September 24, 2021 Jim Damicis

Last month in the Navigator, Simon Anderson of Venture Foresight LLC and I laid out the case for how in an environment of constant and rapid change we need new approaches and tools for economic development planning and action. We introduced the approaches of applied foresight and adaptive planning. So, what is different about applied foresight and adaptive planning from what you may be doing now or have done in the past and how can you get started? A good place to start is with regard to how you consider past and recent trends as projections and how you can set a vision in times of great unknowns.


Thinking Beyond Recent Historic Tends: Emerging Trends and Weak Signals

Historically in economic development, we examine past and current situations and trends. When things have been stable and therefore predictable this has served us well. We analyze the current status and trends and draw on past and recent knowledge and best practices. However, when things are changing rapidly as they are today, the future is unpredictable. Past and recent trends may not apply and if we base our strategies and actions on them, they can mislead us. They should still be assessed and considered in terms of implications because they may and often do continue for some time; however, to be adaptive we must go further and deeper into examining and preparing for future possibilities. This is where emerging trends and weak signals come in.

  • Trends: It has and is happening – How intense is it; how long will it continue?
  • Emerging Trends: It is starting to happen – Will it continue to become a trend?
  • Weak Signals: There seems to be something out there – It may or may not happen – What might it be? How can we better explore possibilities and better be prepared?
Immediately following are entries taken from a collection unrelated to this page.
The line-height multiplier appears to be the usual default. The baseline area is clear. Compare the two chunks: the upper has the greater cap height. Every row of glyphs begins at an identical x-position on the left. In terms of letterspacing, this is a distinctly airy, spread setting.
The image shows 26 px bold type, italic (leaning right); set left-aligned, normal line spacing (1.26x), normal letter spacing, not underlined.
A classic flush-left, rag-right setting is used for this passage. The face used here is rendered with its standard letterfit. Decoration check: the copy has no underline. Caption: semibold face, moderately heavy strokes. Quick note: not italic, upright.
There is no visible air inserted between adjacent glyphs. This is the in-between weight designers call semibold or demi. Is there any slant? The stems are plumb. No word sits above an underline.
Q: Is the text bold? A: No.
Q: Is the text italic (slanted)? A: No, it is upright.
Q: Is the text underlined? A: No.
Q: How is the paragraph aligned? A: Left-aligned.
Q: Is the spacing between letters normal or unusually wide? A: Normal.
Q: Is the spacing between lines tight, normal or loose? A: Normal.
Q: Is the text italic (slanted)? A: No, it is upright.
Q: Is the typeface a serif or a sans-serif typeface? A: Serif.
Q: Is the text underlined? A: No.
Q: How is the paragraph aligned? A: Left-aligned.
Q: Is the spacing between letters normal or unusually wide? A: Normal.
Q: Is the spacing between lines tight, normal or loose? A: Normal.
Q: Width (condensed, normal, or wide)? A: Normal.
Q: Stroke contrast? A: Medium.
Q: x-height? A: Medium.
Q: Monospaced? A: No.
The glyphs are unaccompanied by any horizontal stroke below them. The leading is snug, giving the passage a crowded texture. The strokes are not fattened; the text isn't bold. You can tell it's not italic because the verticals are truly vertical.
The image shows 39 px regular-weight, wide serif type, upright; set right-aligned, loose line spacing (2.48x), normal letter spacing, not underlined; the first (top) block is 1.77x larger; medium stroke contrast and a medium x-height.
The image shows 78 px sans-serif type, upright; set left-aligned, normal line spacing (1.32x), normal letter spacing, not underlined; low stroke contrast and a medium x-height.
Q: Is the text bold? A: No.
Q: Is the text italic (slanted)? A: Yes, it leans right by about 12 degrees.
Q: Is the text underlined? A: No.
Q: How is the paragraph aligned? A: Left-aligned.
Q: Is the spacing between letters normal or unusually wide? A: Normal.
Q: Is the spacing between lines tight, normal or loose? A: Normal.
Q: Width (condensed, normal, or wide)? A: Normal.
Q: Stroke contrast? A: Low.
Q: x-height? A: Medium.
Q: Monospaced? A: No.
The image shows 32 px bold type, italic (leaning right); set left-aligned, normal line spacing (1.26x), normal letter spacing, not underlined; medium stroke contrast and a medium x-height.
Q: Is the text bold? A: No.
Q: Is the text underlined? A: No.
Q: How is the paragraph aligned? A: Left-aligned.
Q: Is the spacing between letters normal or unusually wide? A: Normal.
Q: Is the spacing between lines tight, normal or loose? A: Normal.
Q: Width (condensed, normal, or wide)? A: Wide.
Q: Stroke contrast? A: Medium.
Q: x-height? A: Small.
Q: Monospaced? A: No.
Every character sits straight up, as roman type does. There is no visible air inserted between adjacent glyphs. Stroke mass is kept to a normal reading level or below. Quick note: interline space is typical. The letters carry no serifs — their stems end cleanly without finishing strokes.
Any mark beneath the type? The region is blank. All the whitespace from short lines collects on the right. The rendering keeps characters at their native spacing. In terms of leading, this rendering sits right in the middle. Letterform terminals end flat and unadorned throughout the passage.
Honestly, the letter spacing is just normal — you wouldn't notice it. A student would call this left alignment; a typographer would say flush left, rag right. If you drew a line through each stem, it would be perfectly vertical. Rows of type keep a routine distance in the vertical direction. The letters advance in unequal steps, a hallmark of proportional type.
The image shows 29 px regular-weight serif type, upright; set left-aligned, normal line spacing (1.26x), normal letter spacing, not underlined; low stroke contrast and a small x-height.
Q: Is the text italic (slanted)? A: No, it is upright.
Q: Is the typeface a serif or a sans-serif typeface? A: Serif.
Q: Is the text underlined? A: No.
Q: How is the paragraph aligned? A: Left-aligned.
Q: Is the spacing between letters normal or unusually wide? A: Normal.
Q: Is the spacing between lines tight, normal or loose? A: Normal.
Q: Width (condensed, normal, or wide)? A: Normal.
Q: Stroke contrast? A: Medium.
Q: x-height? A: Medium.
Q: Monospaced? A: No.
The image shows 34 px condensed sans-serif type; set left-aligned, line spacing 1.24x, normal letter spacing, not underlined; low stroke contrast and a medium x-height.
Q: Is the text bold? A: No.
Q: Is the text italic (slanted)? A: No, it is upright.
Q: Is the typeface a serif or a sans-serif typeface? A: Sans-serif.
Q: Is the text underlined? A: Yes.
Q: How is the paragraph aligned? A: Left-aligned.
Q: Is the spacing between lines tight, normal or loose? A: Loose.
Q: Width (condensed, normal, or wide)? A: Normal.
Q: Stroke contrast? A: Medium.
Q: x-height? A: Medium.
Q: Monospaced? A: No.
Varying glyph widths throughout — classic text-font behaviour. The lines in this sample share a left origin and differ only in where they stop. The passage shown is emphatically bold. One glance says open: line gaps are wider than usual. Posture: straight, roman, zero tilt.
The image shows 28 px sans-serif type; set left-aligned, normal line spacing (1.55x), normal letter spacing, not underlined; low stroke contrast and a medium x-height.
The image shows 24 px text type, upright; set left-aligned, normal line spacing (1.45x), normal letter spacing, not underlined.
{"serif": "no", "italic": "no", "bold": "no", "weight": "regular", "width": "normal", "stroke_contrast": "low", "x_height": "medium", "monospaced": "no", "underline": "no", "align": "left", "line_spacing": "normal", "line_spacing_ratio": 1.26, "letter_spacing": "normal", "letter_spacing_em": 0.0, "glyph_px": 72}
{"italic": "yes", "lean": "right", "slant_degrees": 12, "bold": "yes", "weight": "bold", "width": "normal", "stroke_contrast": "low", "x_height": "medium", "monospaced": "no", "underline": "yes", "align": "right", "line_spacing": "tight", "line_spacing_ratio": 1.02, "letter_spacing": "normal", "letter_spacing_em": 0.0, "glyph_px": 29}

All trends were once emerging trends and before they were, there were small signs that something might be beyond the horizon, but we cannot be sure what it is or how to analyze it. The World Wide Web is a prime example. Few people understood how it would come to impact all that we do and all of our economy when it was created in 1983. Many likely believed it would fade away or be limited in its applications.

A good exercise to integrate strategic foresight and adaptive planning into the process of planning and acting for economic development is to brainstorm current trends, then identify trends that might be emerging, then possible weak signals. This can be done through a combination of research and information gathering along with group engagement. An example of what results might look like is as follows:

These results can then be integrated into the adaptive planning process to develop strategies and actions to build capacities to handle challenges and leverage opportunities.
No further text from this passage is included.